The best and most current information about the OOF software, including current downloads, can be found at the main OOF site.
The general workflow of the OOF software begins with a 2D or 3D image. OOF provides tools for maniupating the image to highlight scientifically important features, and to then construct a finite-element mesh on this image that matches these features. Users can then specify the bulk properties of the various regions of the microstructure -- many simple properties are packaged with the software, and there is also an application program interface for users to provide custom constitutive rules for their materials models. Finally, users can perform a "virtual experiment" with the software to characterize the response of the microstructure as a whole to various boundary conditions.
OOF currently has both first and second order time dependence, and a variety of properties whose structure is that of a divergence equation -- these include heat or chemical flux, elasticity, and several important couplings, including thermal expansion and piezoelectricity.
The principal OOF activity now is the addition of crystal plastic constitutive rules to the code, with the goal of being able to predict the microstructure-dependent mechanical response of complex materials to large loads. Because of the history-dependence, plasticity differs in character from materials models previously considered in the OOF software. We face a number of architectural and performance challenges in bringing this capability to a useable state, while preserving the wide range of applicability and generalizability that is the primary goal of the OOF software.
With the assistance of an expert from the field of computational mecahnics, post-doctoral researcher Shahriyar Keshavarz, the architectural challenge is now essentially solved in a prototype code.

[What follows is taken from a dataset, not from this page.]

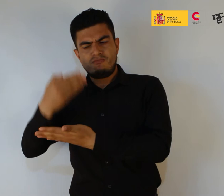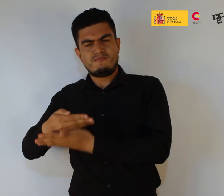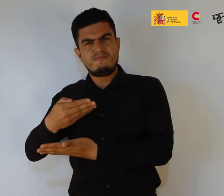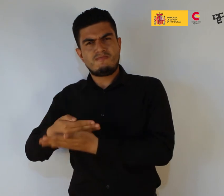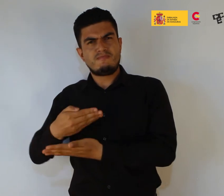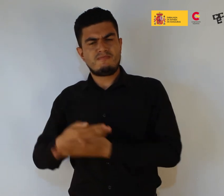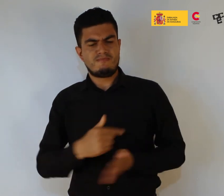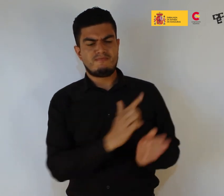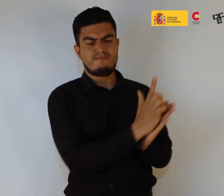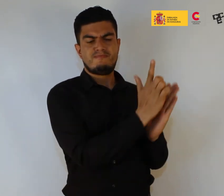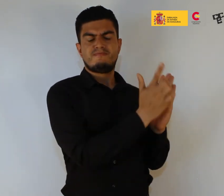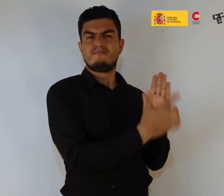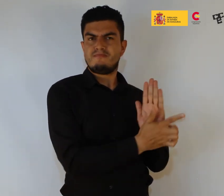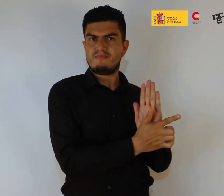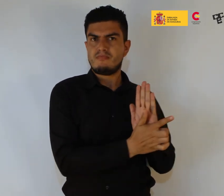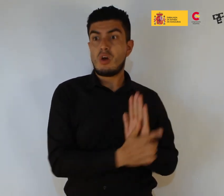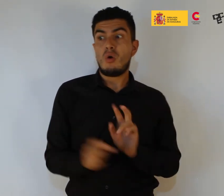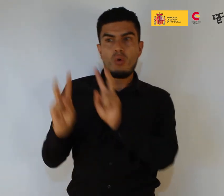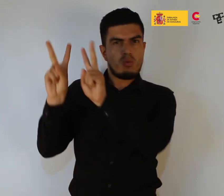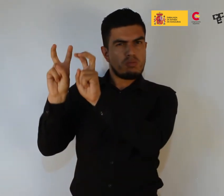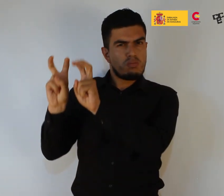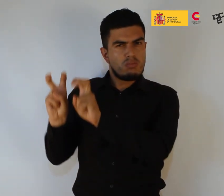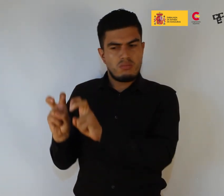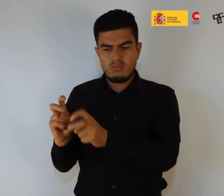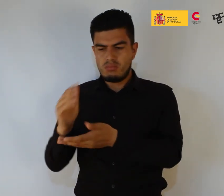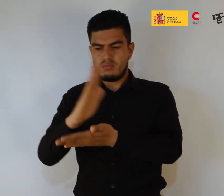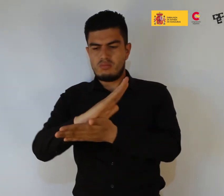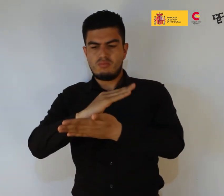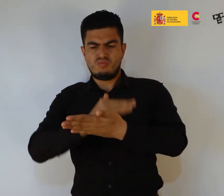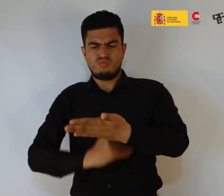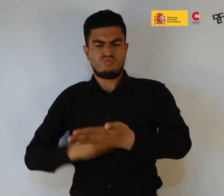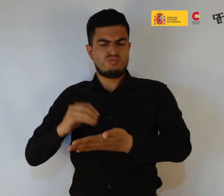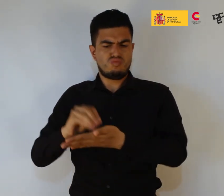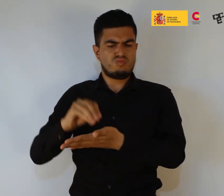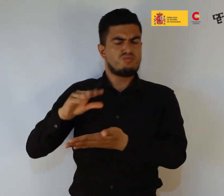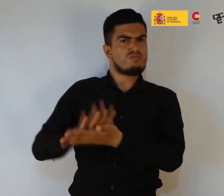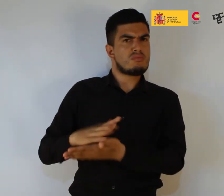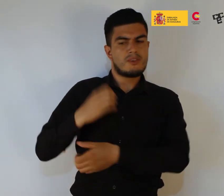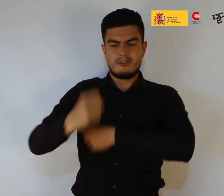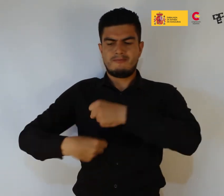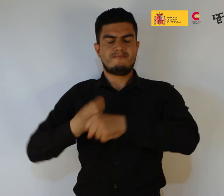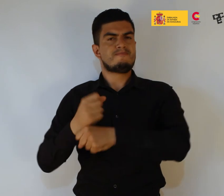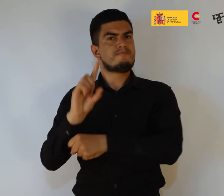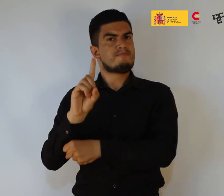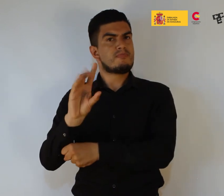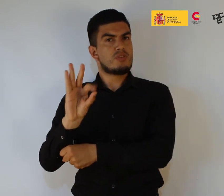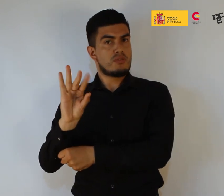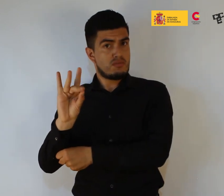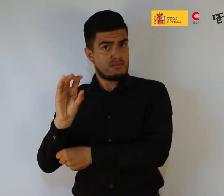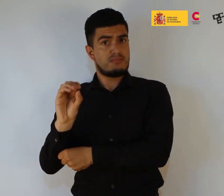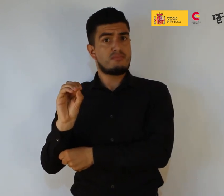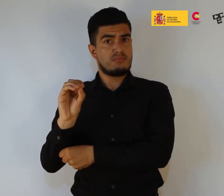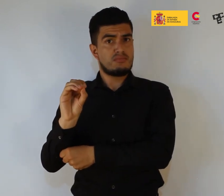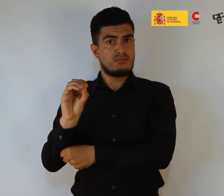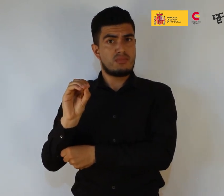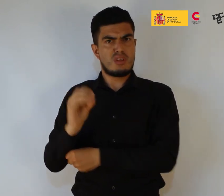papel tomadas de estudios encargados internamente a principios de la década de 1980 por Shell y Exxon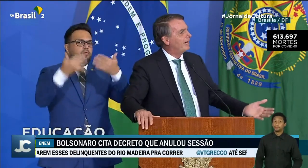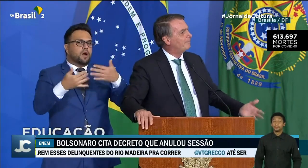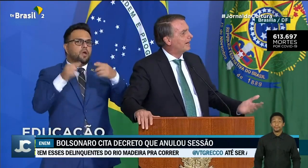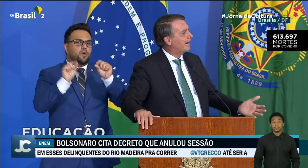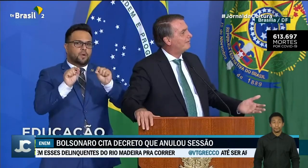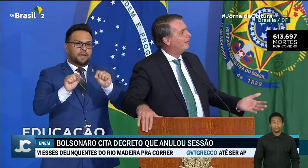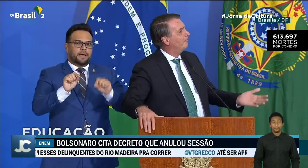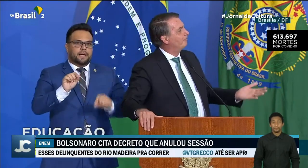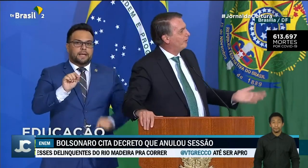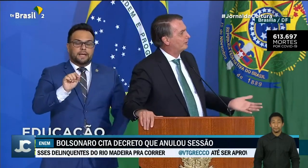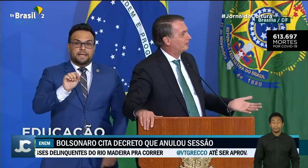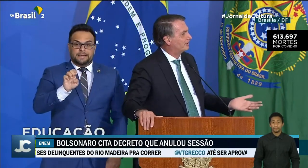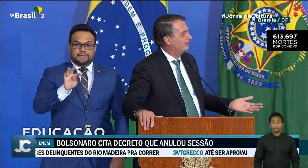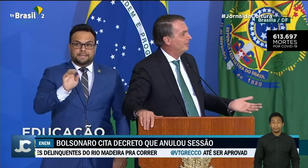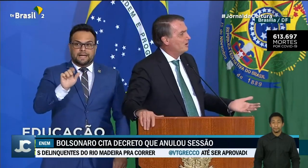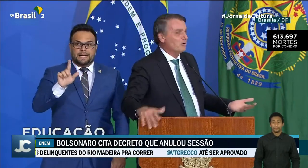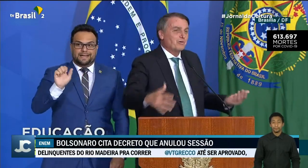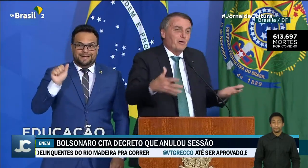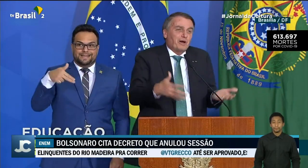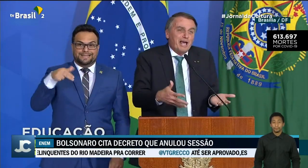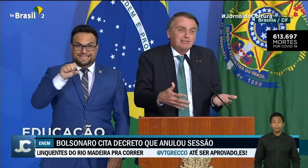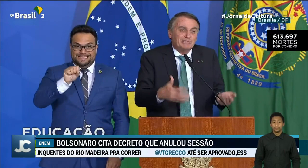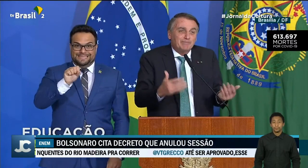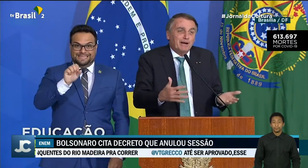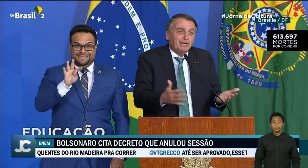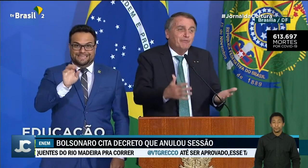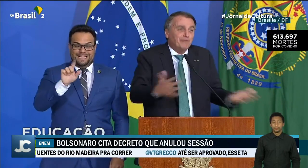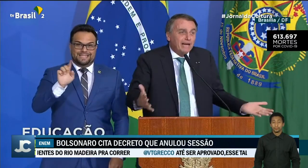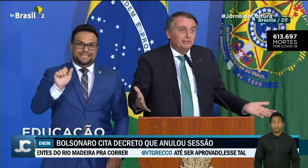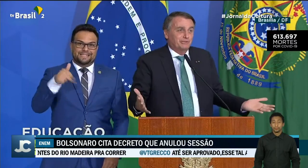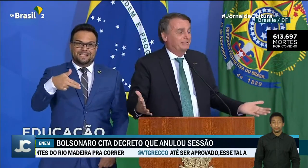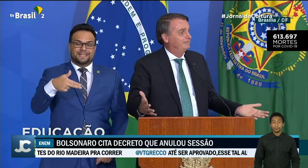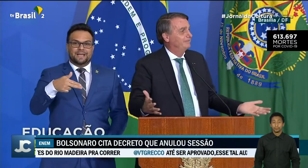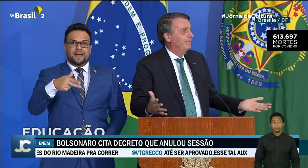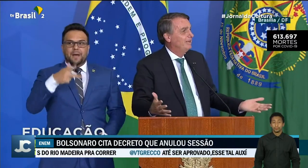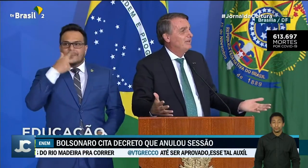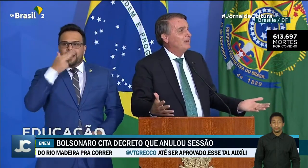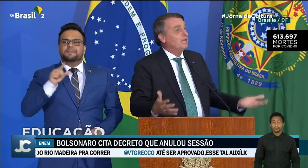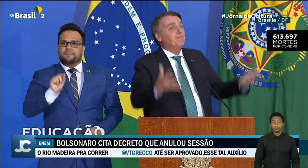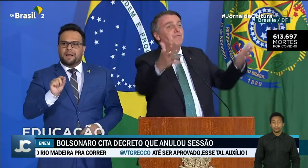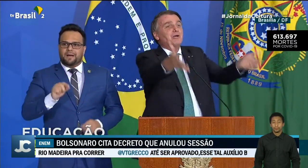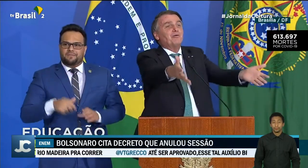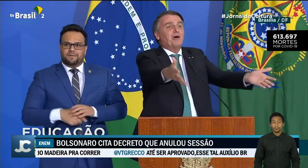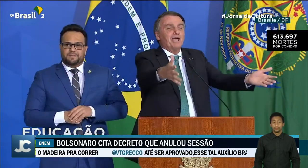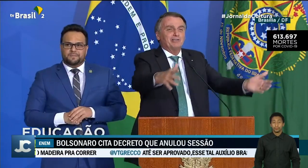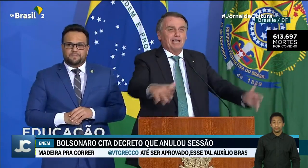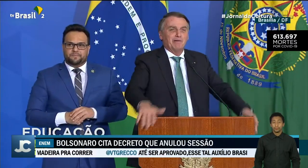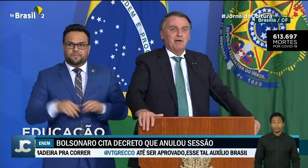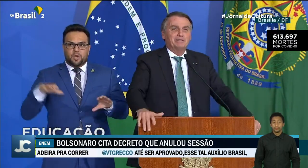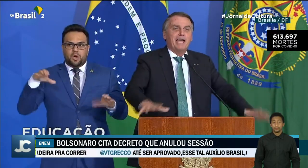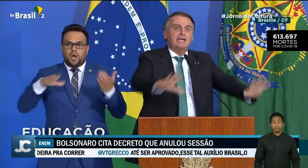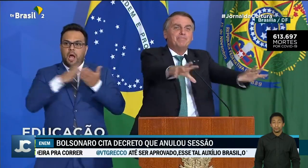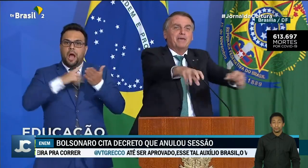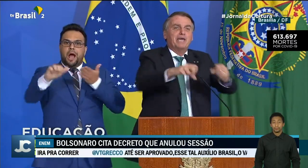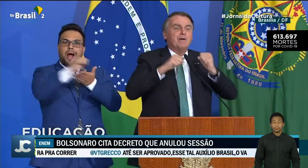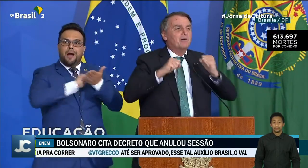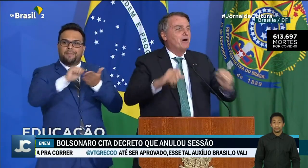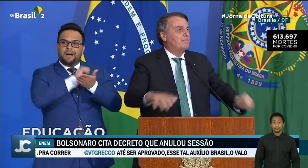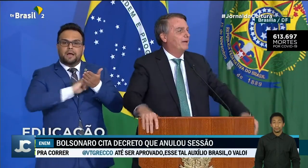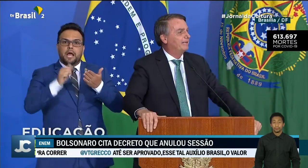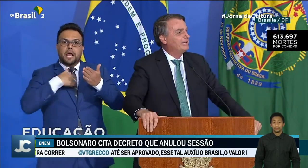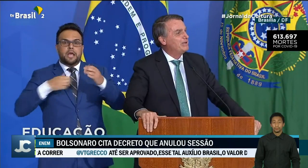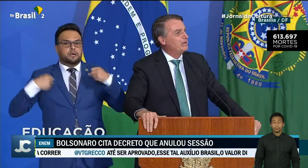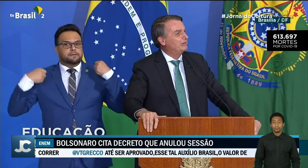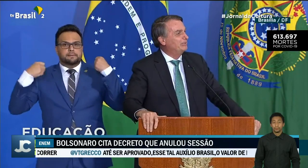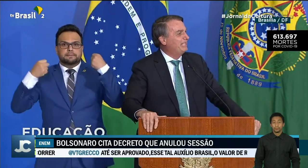Stalin apagava fotos. O Congresso está apagando fotos. E fui correndo na biblioteca e peguei

The difficulties arising from the history-dependence of the plastic behavior turned out to be only part of the story. A previously unrecognized difficulty arose related to the incorporation of large-strain elasticity. From the point of view of mathematics or physics, large-strain elasticity appears to effectively amount to a different constitutive rule, and with an understanding of the geometry, it seems that it is at least conceptually straightforward to construct an equation which can be solved in either the reference, undeformed configuration, or in the "lab space," depending on one's choice of stress measure and willingness to undertake successive applications of the chain rule of differentiation. One makes a selection, applies it consistently, and achieves whatever level of generality one wishes.
In the computational mechanics community, there is a time-honored way of approaching this problem which involves a decomposition into constitutive and geometric parts, and the construction of an intermediate space in which plastic strain is present but elastic deformation is not. This space has high importance for crystal plasticity, because it is a space in which the lattice remains invariant, and in particular where the crystallographic planes along which the plasticity acts retain their original orientations. Understanding the evolution rules for the system as acting in these two spaces connects usefully to the different physical mechanisms taking place. It is, on the one hand, a powerful tool in understanding the mechanisms, and on the other hand, essential to communicating with the computational mechanics community against whom we want to benchmark, and from whom we expect to obtain candidate constitutive rules.
Respecting this decomposition means one cannot simply write a more general history-dependent PDE solver to properly address this problem.
We now have a software architectural demonstration code which maintains the desired generality of the OOF code, retains the ability to operate on unstructured meshes derived from image data, and incorporates the spatial decomposition of the problem while allowing for "pluggable" plastic constitive rules, to facilitate structure-property explorations. Our next task is to incorporate this into the main OOF code itself.
In addition, we have a renewed focus on interoperability, and have near-term plans to make it easier to incorporate OOF capabilities into existing or currently-planned high-throughput or scale-crossing workflows, either by ingesting property information from the emerging suite of repositories, setting up an MDCS instance to allow the public exchange of OOF property and materials data, or incorporting OOF into scale-crossing design-optimizing workflows.
To this end, we are investigating the practicality of ingesting or producing microstructural data in the Dream3D format, or related HDF5-based formats under development in Europe, and are participating in workshops where tools and workflows are featured, starting with the PRISMs and ICE workflows, from the University of Michigan and the US Air Force, respectively.